%%

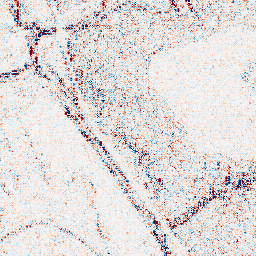
Category: wavelet
Decomposition family: wavelet_dwt
Decomposition parameters: wavelet: sym4
level: 1
Upsampling method: sinc_blackman
Upsampling parameters: scale: 2
kernel_size: 16
Upsampling scale: 2
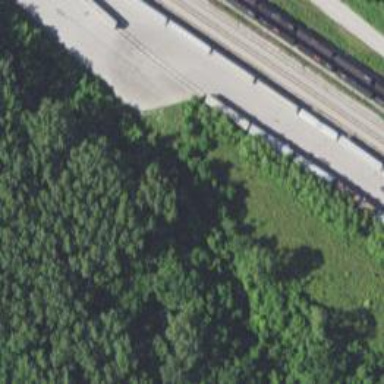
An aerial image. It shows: Railway yard used for servicing trains.
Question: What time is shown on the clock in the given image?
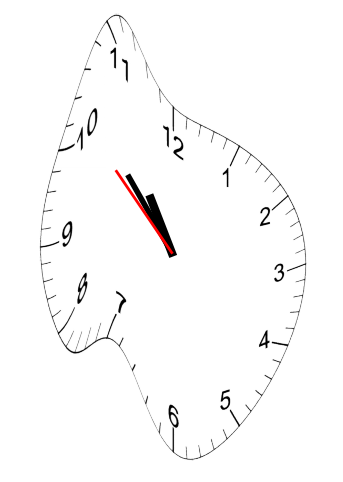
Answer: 10:52:52

%%

### What is expected
Output a verbatim copy of the lines from the line containing "Question: What time" through the end of the data, both included, without any images.

### Written solution
Question: What time is shown on the clock in the given image?
Answer: 10:52:52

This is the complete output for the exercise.